Forum Discussion

PabloSalvadorM_'s avatar
PabloSalvadorM_
Icon for Altostratus rankAltostratus
Oct 14, 2014

Check active admin user sessions

Hello,

 

so far I've been unable to find a way to see the active sessions in the webgui. The "w" command on shell only shows connections through cli (ssh) and not connections through the gui.

 

I've tried the tmsh command "show sys connection", and filtering the self address used to access the webgui, but it gives no output.

 

Surely there must be an easy way to do it, would some good guy be able to shed some light on this?

 

Thanks in advance, and best regards,

 

Pablo

 

  • Paulius's avatar
    Paulius
    Feb 07, 2023

    Irre_Levant I believe the only option here is to correlate the data from multiple sources rather than one command that provides everything. The following should allow you to pull the audit logs but I don't believe a command exists to look at the output of netstat.

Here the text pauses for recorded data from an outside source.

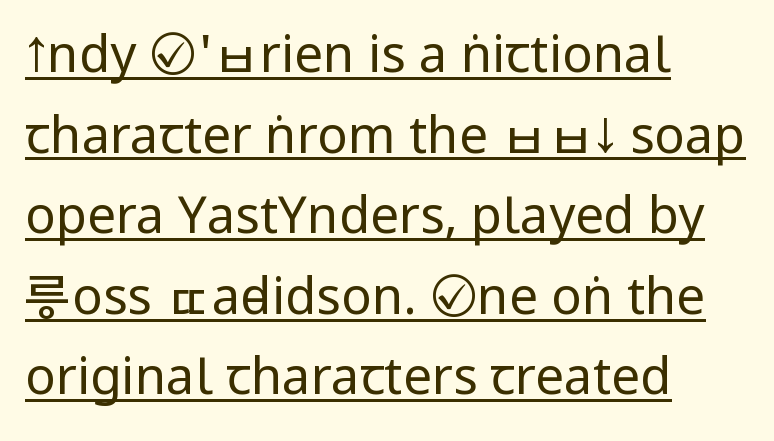
Here the designer chose a conventional face with non-uniform glyph widths. Honestly, the letter spacing is just normal — you wouldn't notice it. What's the leading like? Ordinary, nothing unusual. Does the copy run flush right? No — it runs flush left. Unlike italic type, these characters show no tilt at all. The strokes carry an ordinary text weight at most.
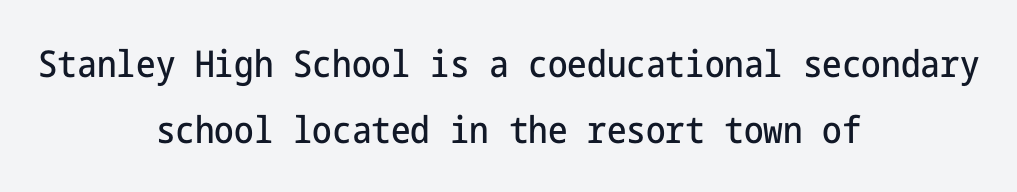
The image shows 37 px condensed sans-serif type, upright; set centered, line spacing 1.79x, normal letter spacing, not underlined; low stroke contrast and a medium x-height.
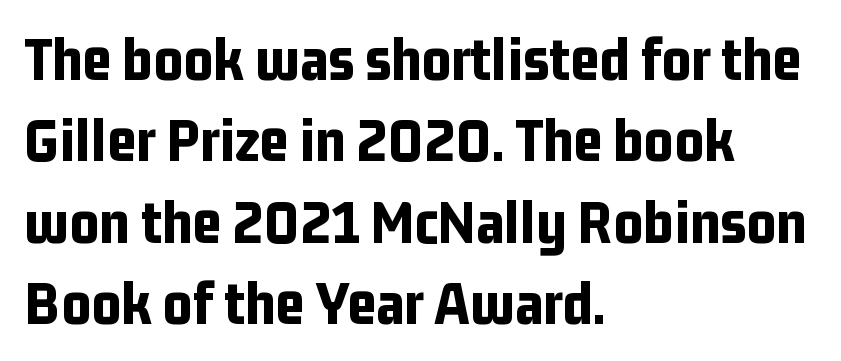
Quick note: not italic, upright. This sample has the flowing, uneven cadence of proportional lettering. Note: no serifs on the glyphs. A typesetter would call this leading conventional body-copy spacing.
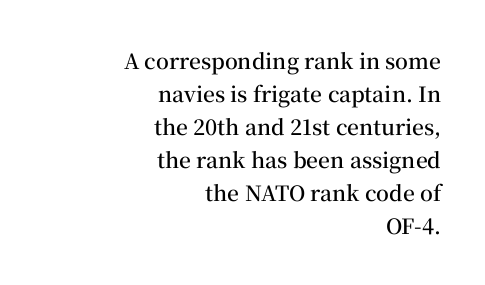
Line ends are locked; line starts wander. Spacing between characters is what you'd get straight out of the box. The letters are semibold — heavier than regular but short of a full bold. Reading down the column, the eye jumps a familiar distance to each next line. Decoration check: the copy has no underline. The type sits square on the baseline with zero lean.
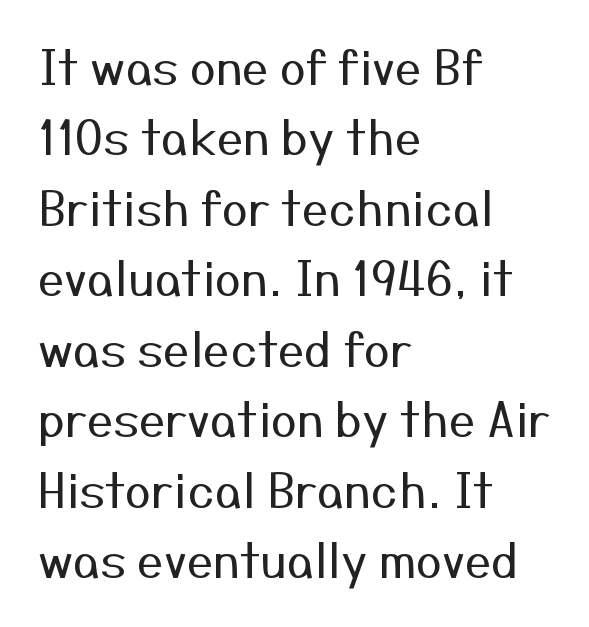
Q: Is the text bold? A: No.
Q: Is the text italic (slanted)? A: No, it is upright.
Q: Is the typeface a serif or a sans-serif typeface? A: Sans-serif.
Q: Is the text underlined? A: No.
Q: How is the paragraph aligned? A: Left-aligned.
Q: Is the spacing between letters normal or unusually wide? A: Normal.
Q: Is the spacing between lines tight, normal or loose? A: Normal.
Q: Width (condensed, normal, or wide)? A: Normal.
Q: Stroke contrast? A: Medium.
Q: x-height? A: Medium.
Q: Monospaced? A: No.

    https://support.f5.com/csp/article/K41550738

  • Thanks, indeed it works as I can see who logged in and when he did it. But still I can't see which users have an active session, I'd be looking for some sort of "w" but for the httpd, don't even know if such thing even exists.

     

    BR,

     

    Pablo

     

  • Interesting question. No easy answer from what I can see. This will help you find out what IPs are connected to the GUI;

     

    netstat -tanpee | grep "\:443" | grep -v 127
    

     

    but beyond that there is no obvious way to gather the related Apache usernames used other than by checking and correlating information found in the various log files.

     

  • Hi Pablo.

     

    You could use netstat -na | grep 192.168.0.11 | grep ESTABLISHED

     

    This will show you the active sessions regardless of the user currently logged in. You could also get more info from the /var/log/audit logs. Below is an example of what you would tipically see when a user logs in:

     

    AUDIT - user admin - RAW: httpd(mod_auth_pam): user=admin(admin) partition=[All] level=Administrator tty=/sbin/nologin host=192.168.0.11 attempts=1 start="Mon Oct 30 14:22:13 2017" end="Mon Oct 30 14:47:58 2017"

     

    Having these two pieces, you could cross match the IP address.

     

    Hope this helps.

     

    • Paulius's avatar
      Paulius
      Icon for MVP rankMVP

      Irre_Levant I believe the only option here is to correlate the data from multiple sources rather than one command that provides everything. The following should allow you to pull the audit logs but I don't believe a command exists to look at the output of netstat.

      https://support.f5.com/csp/article/K41550738

      • Irre_Levant - I'm going to tag Paulius's reply as the solution, even though it's rather a work-around? But it still seems to address the core of the issue (as far as it can go). If you disagree - let me know. Most of the rest of the members on this thread are no longer active on the community.